**INFORMATION PROVIDED:**

──────────────────────────────

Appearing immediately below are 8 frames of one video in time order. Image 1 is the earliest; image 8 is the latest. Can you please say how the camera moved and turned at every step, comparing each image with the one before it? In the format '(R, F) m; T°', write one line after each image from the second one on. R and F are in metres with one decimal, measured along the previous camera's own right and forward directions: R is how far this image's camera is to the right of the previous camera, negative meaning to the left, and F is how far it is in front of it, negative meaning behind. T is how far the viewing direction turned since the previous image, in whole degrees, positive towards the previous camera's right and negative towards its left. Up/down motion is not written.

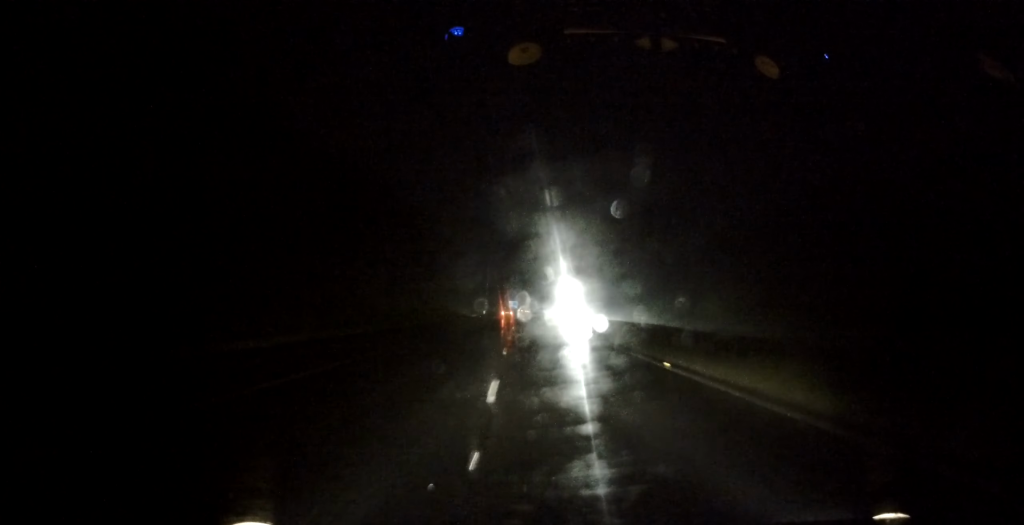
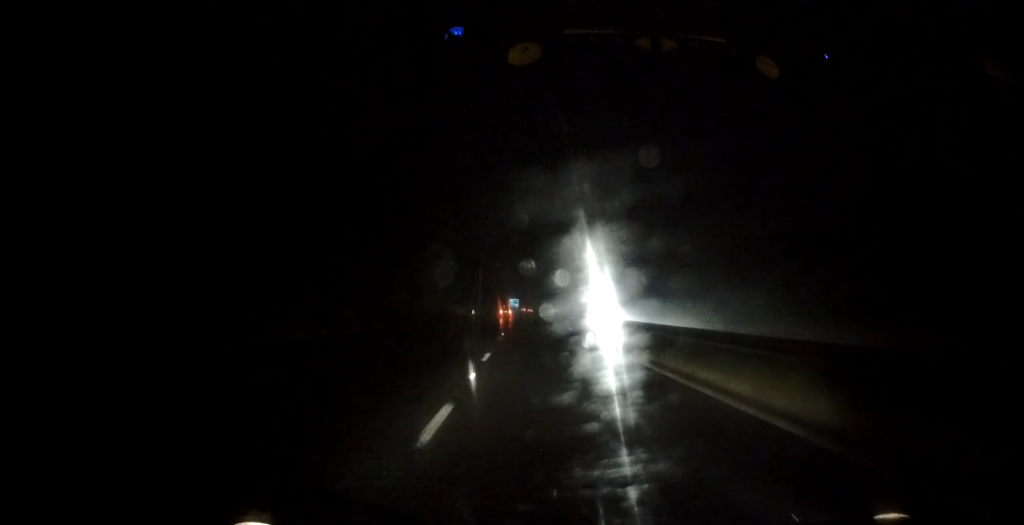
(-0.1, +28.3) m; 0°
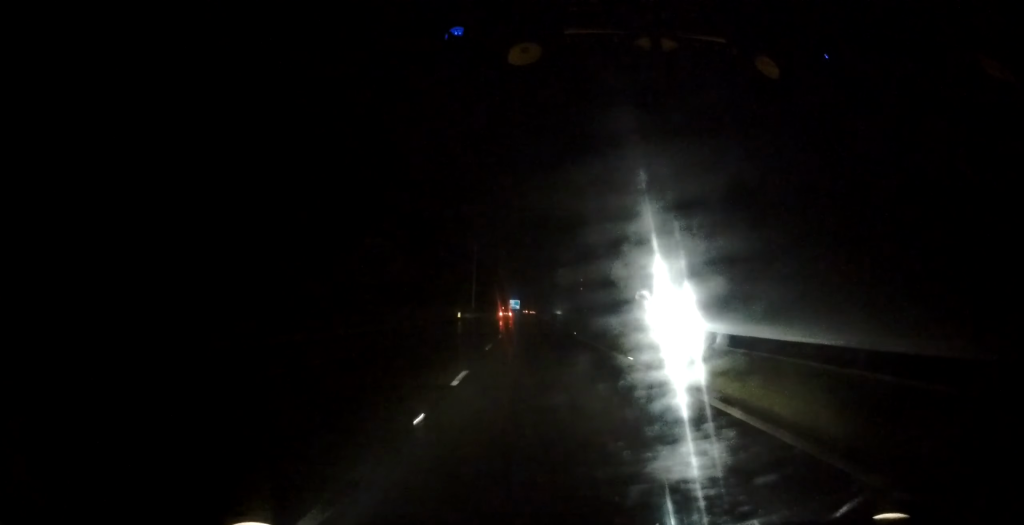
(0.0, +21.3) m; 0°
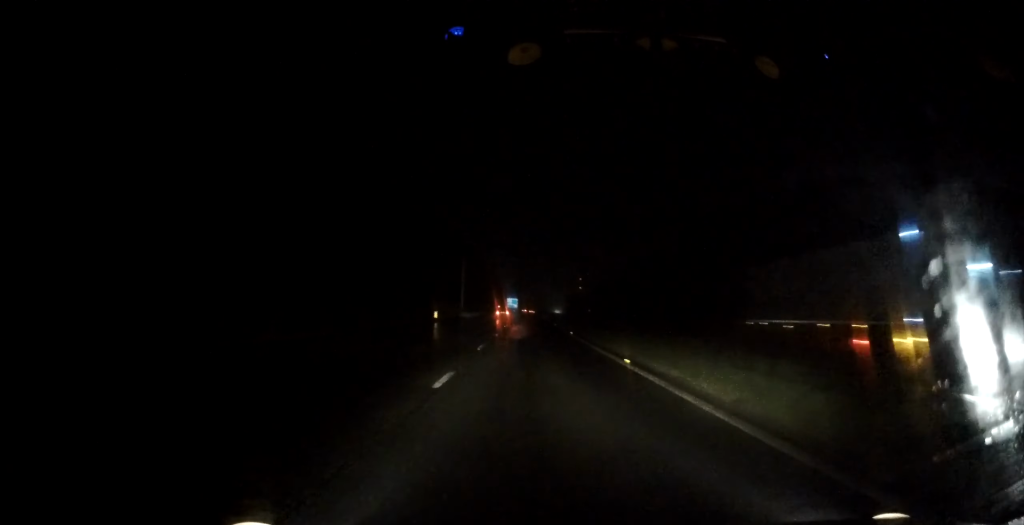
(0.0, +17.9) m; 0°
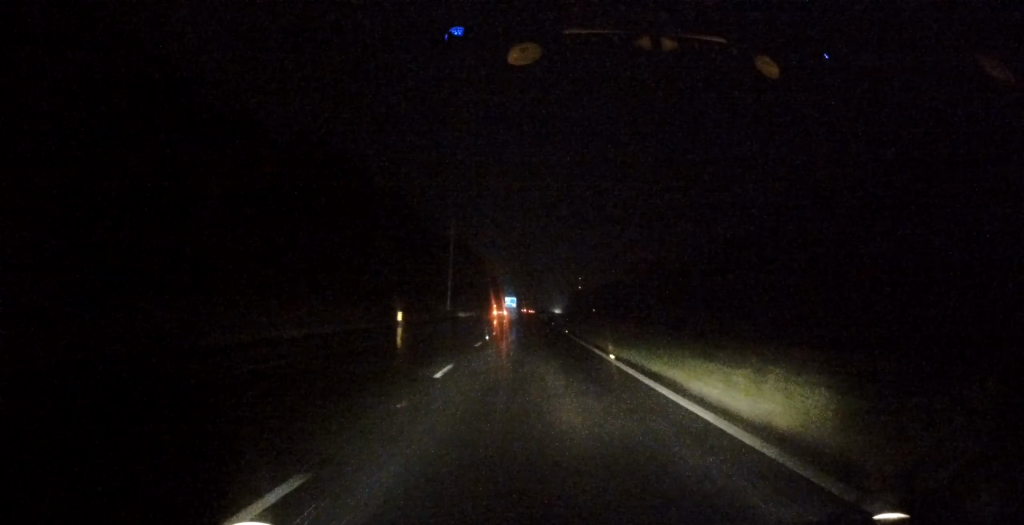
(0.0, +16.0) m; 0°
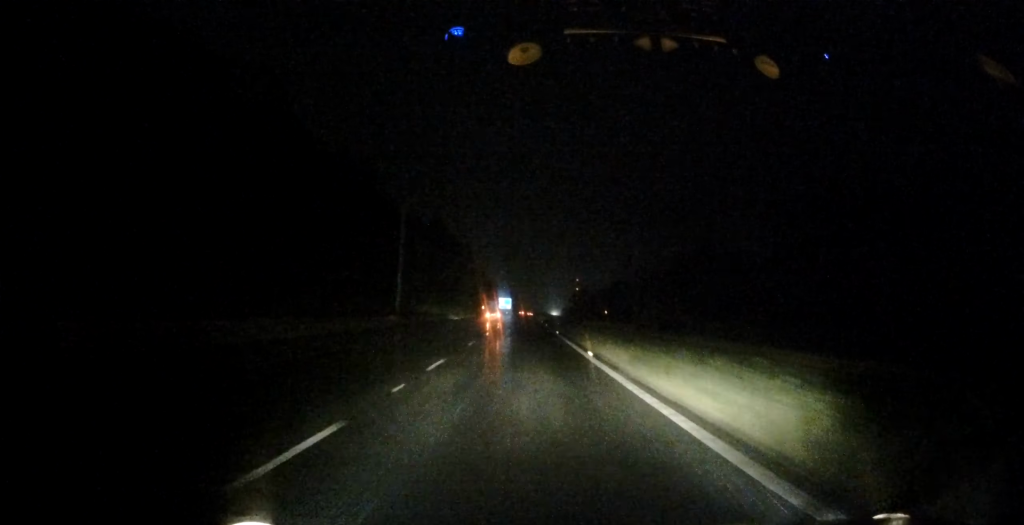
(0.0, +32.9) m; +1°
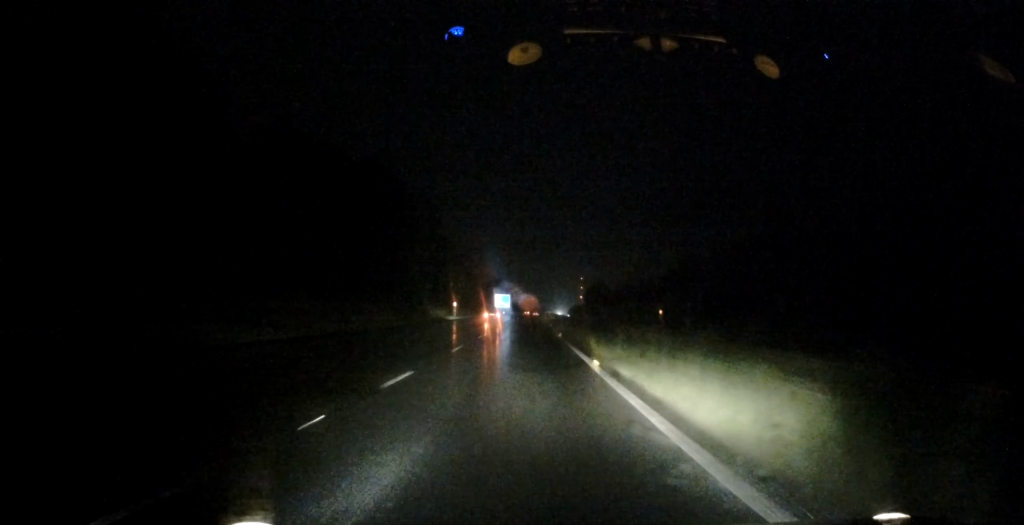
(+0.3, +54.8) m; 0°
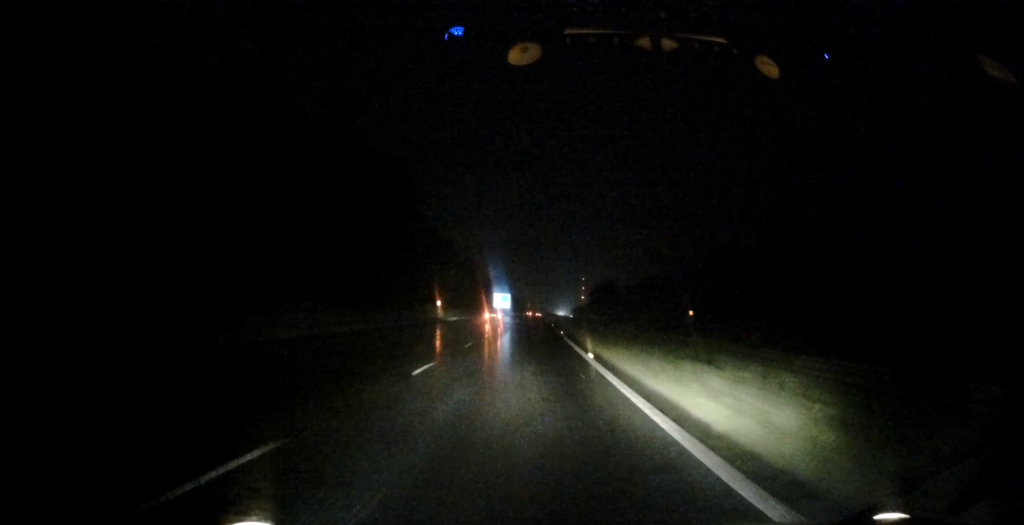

──────────────────────────────

**TASK DETAILS:**
Without the pictures, retype each line of the records above exactly.

**ANSWER BOX:**
Appearing immediately below are 8 frames of one video in time order. Image 1 is the earliest; image 8 is the latest. Can you please say how the camera moved and turned at every step, comparing each image with the one before it? In the format '(R, F) m; T°', write one line after each image from the second one on. R and F are in metres with one decimal, measured along the previous camera's own right and forward directions: R is how far this image's camera is to the right of the previous camera, negative meaning to the left, and F is how far it is in front of it, negative meaning behind. T is how far the viewing direction turned since the previous image, in whole degrees, positive towards the previous camera's right and negative towards its left. Up/down motion is not written.

(-0.1, +28.3) m; 0°
(0.0, +21.3) m; 0°
(0.0, +17.9) m; 0°
(0.0, +16.0) m; 0°
(0.0, +32.9) m; +1°
(+0.3, +54.8) m; 0°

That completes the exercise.